Researchers at Oregon Health & Science University have been awarded a $3 million grant from the Bill & Melinda Gates Foundation to study whether a particular group of infection-fighting cells, known as T cells, may be viable for the development of a vaccine aimed at combatting the global tuberculosis epidemic.
The funding was awarded to David Lewinsohn, M.D., Ph.D., in the Papé Family Pediatric Research Institute at OHSU Doernbecher Children’s Hospital. Lewinsohn will expand on previous findings that revealed a population of TB-recognizing T cells known as mucosa associated invariant T (MAIT). Due to their reliance on a common antigen recognition system, and their abundance in the human lung, researchers believe that MAIT cells may be harnessed as unconventional TB vaccine targets.
According to the World Health Organization’s 2015 global report, TB claimed 1.5 million lives in 2014 — 140,000 of which were children — making it the leading cause of death worldwide. TB is a contagious airborne disease caused by the bacteria Mycobacterium tuberculosis. It generally attacks the lungs, though may spread to various parts of the body such as the kidney, spine and brain.
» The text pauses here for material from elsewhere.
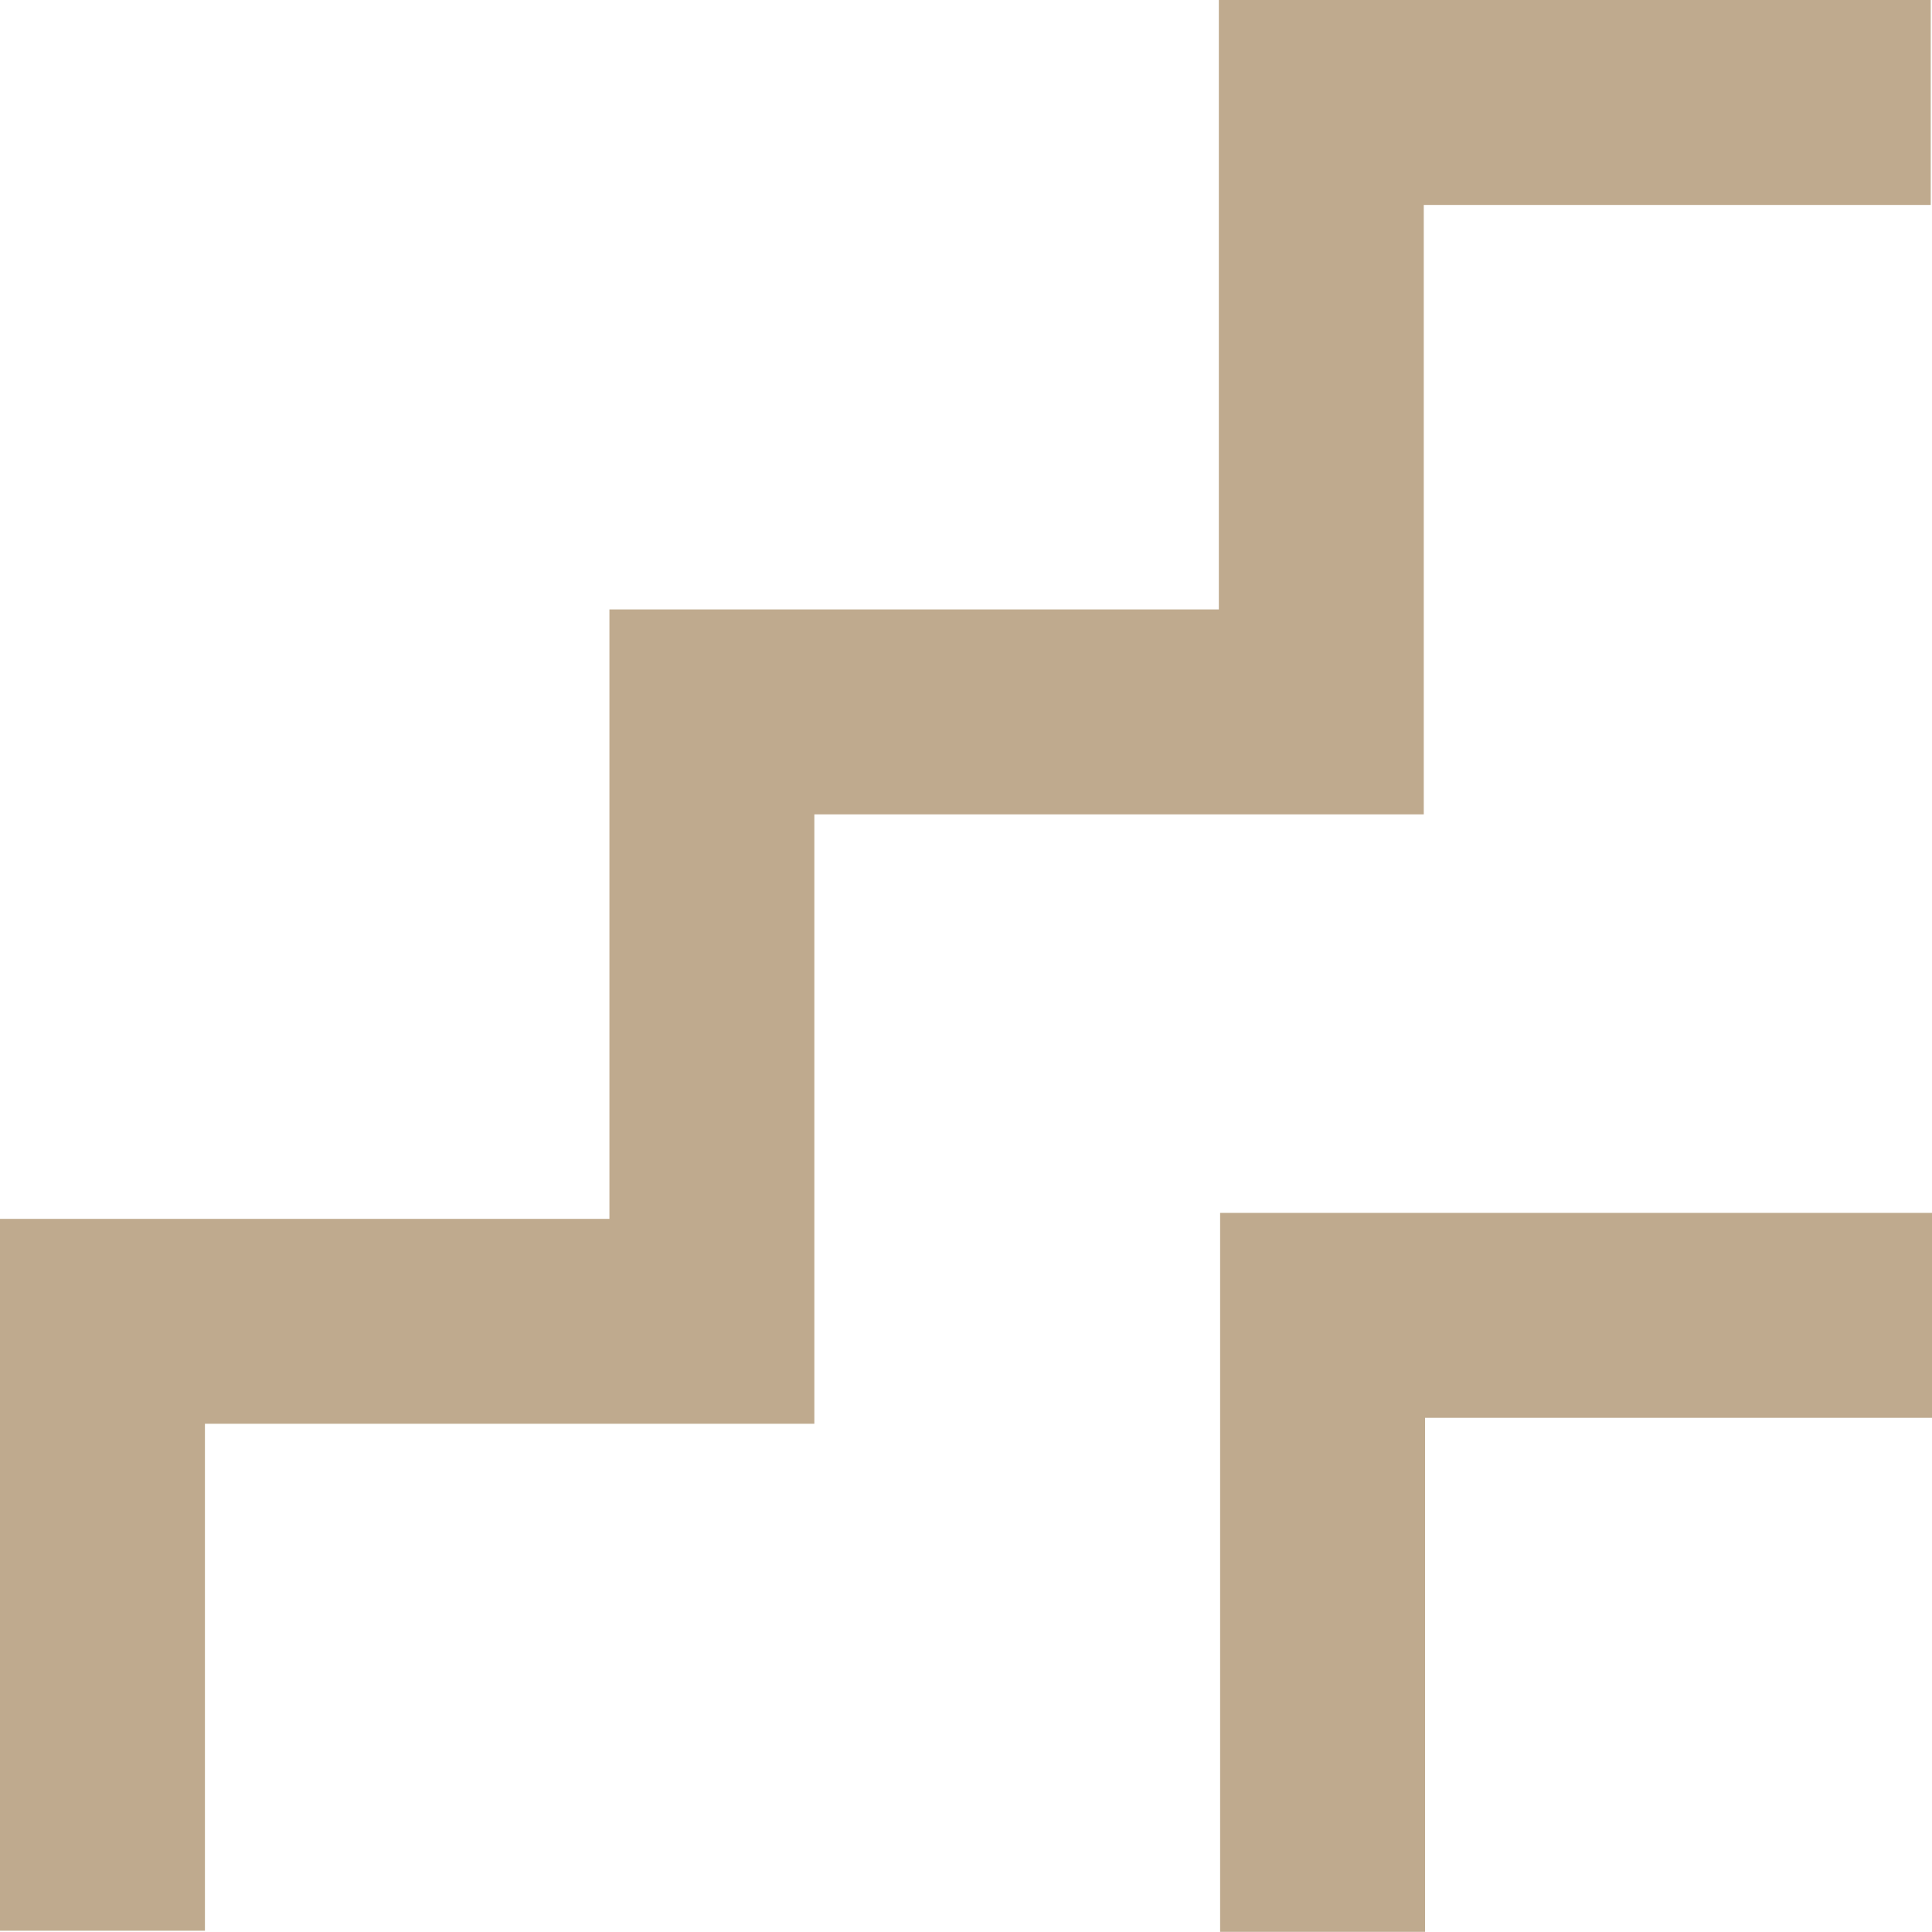 <svg xmlns="http://www.w3.org/2000/svg" width="420.733" height="420.693" viewBox="0 0 420.733 420.693"><g transform="translate(967.865 42.798)"><path d="M-923.237,377.657h-44.628V222.629h132.714V89.916h132.713V-42.8h155.028V1.831h-110.4V134.544H-790.524V267.257H-923.237Z" transform="translate(0)" fill="#bfaa8e"/><path d="M-462.937,571.34h-44.628V414.779h155.028v44.628h-110.4Z" transform="translate(-194.595 -193.444)" fill="#bfaa8e"/></g></svg>

“Improved TB vaccines will require an understanding of the mechanisms by which T cells recognize other cells infected with Mtb, particularly in the lung,” said Lewinsohn, a professor of pulmonary and critical care medicine, and pediatrics in the OHSU School of Medicine, and staff physician at the VA Portland Health Care System. “This grant from the Gates Foundation represents a continued commitment toward the eradication of TB. We are excited to be a part of it.”
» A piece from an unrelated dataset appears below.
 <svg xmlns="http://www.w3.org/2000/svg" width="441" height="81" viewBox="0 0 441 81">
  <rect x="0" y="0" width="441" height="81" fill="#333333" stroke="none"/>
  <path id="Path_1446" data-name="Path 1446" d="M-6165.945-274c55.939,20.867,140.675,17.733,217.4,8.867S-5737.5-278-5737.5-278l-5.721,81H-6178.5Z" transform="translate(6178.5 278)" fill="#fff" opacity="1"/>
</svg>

The research approach focuses on a combination of T cell biology, mass spectrometry and protein chemistry to precisely define the molecular structure of MAIT cell antigens, a substance that causes your immune system to respond. The objective is to create stable immunogens, or antigens capable of creating an immune response, which will be suitable for vaccination in nonhuman primates and, eventually, humans. Lewinsohn’s team will use flow cytometry as well as mass spectrometric cytometry, or CyTOF, to define the full spectrum of MAIT cell characteristics in both nonhuman primates and humans that, in turn, will enable future vaccine studies. Further, this grant will allow the development of high-quality mouse models for future testing of MAIT cell vaccines.
This three-year research project brings together collaborators from OHSU, the University of Chicago, the University of Oklahoma Health Sciences University, Colorado State University, La Jolla Institute of Allergy and Immunology, and Stanford University.